↓↓↓

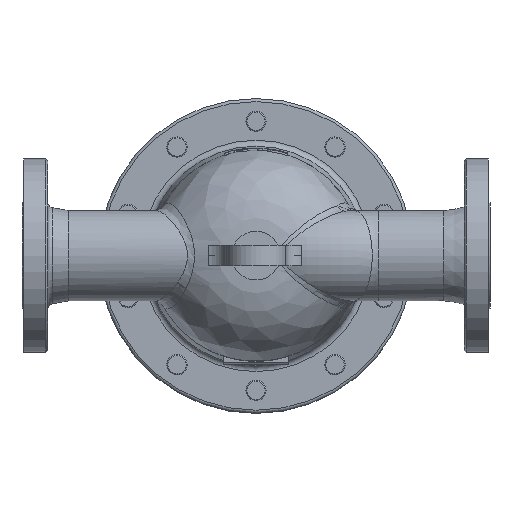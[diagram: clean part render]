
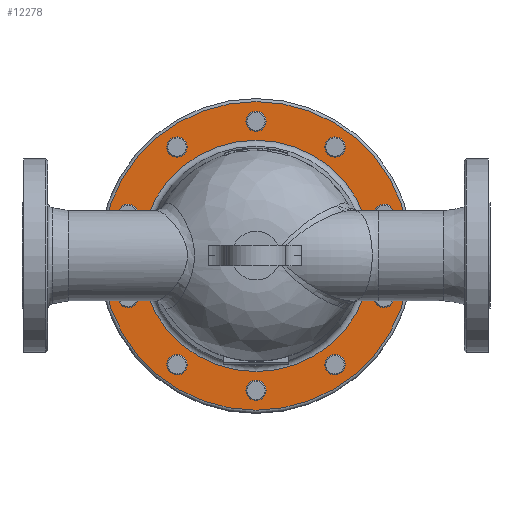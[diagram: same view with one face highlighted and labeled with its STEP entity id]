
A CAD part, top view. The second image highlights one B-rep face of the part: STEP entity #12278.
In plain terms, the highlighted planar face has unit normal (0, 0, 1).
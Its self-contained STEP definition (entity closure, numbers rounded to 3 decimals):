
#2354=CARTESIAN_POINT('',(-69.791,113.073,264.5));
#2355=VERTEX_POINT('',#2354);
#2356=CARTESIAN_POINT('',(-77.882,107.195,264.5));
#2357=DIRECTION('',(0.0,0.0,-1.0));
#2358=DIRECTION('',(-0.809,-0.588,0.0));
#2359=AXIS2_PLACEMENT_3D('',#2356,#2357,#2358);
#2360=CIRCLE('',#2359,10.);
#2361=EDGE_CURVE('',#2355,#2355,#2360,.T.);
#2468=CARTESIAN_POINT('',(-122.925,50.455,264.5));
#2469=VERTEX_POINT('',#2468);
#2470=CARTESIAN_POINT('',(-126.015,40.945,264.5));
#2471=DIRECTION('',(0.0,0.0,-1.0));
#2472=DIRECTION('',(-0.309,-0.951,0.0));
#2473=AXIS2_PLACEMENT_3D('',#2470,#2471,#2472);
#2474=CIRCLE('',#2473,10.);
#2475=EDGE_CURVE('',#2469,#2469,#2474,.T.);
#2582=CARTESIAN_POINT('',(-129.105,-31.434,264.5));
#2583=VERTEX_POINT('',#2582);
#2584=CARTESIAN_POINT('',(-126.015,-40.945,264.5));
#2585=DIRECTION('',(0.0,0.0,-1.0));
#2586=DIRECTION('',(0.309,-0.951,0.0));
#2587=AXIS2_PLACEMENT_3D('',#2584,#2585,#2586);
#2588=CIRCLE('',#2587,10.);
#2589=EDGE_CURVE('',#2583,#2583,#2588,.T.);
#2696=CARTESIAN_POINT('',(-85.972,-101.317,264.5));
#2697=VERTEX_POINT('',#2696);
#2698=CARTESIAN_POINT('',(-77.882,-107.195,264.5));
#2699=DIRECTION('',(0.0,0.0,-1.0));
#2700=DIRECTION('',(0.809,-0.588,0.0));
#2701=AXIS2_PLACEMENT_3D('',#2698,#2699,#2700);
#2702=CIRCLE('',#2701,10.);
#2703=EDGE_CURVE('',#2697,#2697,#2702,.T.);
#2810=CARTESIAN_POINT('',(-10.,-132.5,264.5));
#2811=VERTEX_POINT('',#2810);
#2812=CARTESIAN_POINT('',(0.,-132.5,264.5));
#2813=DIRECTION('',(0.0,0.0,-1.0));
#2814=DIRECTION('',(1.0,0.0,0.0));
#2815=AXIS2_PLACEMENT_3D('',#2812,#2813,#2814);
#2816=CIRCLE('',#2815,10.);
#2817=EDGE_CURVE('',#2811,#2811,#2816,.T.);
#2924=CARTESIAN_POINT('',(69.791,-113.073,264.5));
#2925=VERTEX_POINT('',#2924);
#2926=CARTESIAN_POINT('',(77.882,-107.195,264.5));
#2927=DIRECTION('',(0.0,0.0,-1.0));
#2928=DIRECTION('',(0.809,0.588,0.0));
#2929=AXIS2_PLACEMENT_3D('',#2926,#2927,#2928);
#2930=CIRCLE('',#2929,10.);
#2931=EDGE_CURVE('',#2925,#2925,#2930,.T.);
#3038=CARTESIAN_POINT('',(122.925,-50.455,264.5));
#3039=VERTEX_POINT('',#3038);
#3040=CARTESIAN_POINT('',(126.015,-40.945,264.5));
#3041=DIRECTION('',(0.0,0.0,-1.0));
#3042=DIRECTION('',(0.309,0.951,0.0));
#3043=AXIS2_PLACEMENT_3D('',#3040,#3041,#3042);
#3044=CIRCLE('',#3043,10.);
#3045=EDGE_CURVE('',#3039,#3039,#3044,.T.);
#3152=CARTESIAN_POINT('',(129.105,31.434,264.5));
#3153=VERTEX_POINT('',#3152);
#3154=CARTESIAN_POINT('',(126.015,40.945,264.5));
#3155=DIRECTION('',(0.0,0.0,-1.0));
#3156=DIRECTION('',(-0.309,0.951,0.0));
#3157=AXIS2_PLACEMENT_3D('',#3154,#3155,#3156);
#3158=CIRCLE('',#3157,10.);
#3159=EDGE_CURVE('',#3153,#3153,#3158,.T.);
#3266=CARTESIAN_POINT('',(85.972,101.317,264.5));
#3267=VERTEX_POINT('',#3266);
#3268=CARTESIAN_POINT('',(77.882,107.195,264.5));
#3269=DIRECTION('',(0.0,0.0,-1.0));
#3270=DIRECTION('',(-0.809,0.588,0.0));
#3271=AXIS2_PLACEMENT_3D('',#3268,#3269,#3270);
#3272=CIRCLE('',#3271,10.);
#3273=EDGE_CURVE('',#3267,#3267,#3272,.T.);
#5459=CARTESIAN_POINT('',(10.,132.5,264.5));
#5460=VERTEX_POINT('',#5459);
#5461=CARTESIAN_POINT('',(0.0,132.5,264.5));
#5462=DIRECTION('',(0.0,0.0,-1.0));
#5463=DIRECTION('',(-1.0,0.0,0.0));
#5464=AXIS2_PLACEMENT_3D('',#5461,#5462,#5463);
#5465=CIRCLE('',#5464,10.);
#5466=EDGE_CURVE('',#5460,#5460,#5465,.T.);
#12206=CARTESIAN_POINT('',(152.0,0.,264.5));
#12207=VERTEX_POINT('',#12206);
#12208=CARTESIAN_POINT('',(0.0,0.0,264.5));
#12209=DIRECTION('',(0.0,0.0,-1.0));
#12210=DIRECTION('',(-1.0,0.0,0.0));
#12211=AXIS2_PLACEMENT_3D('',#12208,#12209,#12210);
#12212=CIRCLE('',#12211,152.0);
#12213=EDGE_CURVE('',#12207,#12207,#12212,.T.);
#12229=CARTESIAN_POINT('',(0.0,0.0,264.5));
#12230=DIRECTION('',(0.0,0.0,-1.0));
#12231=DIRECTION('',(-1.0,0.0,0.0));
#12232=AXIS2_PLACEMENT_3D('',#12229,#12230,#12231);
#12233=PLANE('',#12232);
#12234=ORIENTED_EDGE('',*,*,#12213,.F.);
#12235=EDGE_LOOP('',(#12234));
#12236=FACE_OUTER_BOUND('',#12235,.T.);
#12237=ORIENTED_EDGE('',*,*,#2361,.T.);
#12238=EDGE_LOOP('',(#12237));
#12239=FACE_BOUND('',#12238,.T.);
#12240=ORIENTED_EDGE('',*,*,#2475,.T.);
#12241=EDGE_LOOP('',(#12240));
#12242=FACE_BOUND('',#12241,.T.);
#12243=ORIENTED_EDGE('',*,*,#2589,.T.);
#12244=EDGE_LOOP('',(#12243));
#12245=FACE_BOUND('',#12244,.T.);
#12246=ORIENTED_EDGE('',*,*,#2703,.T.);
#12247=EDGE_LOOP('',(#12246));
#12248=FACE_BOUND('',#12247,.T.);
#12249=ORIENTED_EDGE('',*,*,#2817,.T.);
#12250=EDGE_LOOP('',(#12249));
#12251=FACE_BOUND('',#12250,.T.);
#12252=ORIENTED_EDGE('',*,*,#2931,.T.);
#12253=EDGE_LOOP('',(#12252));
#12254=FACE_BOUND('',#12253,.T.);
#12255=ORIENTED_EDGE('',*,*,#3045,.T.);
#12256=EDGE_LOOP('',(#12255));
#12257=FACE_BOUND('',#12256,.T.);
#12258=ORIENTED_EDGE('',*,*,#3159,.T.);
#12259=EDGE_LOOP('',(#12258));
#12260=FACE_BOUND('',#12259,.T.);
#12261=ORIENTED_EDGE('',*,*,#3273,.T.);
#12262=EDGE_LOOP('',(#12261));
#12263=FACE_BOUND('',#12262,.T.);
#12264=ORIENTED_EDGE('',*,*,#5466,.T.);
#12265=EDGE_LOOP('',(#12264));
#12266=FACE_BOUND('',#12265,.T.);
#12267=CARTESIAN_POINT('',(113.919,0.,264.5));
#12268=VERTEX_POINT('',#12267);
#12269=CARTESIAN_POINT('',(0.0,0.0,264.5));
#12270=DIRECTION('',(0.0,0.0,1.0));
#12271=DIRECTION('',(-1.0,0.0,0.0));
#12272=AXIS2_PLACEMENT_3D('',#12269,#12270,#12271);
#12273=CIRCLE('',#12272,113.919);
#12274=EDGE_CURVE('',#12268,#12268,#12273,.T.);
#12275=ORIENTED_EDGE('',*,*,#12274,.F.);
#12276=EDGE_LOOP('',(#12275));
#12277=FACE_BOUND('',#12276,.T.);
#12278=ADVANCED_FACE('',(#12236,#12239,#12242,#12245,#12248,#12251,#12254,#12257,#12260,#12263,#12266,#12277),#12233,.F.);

↑↑↑

_Task brief_. Repeat exactly, and only, the lines from the line containing "#12262=EDGE_LOOP('',(#12261));" through the last line of the records above, both included.

_Final answer_.
#12262=EDGE_LOOP('',(#12261));
#12263=FACE_BOUND('',#12262,.T.);
#12264=ORIENTED_EDGE('',*,*,#5466,.T.);
#12265=EDGE_LOOP('',(#12264));
#12266=FACE_BOUND('',#12265,.T.);
#12267=CARTESIAN_POINT('',(113.919,0.,264.5));
#12268=VERTEX_POINT('',#12267);
#12269=CARTESIAN_POINT('',(0.0,0.0,264.5));
#12270=DIRECTION('',(0.0,0.0,1.0));
#12271=DIRECTION('',(-1.0,0.0,0.0));
#12272=AXIS2_PLACEMENT_3D('',#12269,#12270,#12271);
#12273=CIRCLE('',#12272,113.919);
#12274=EDGE_CURVE('',#12268,#12268,#12273,.T.);
#12275=ORIENTED_EDGE('',*,*,#12274,.F.);
#12276=EDGE_LOOP('',(#12275));
#12277=FACE_BOUND('',#12276,.T.);
#12278=ADVANCED_FACE('',(#12236,#12239,#12242,#12245,#12248,#12251,#12254,#12257,#12260,#12263,#12266,#12277),#12233,.F.);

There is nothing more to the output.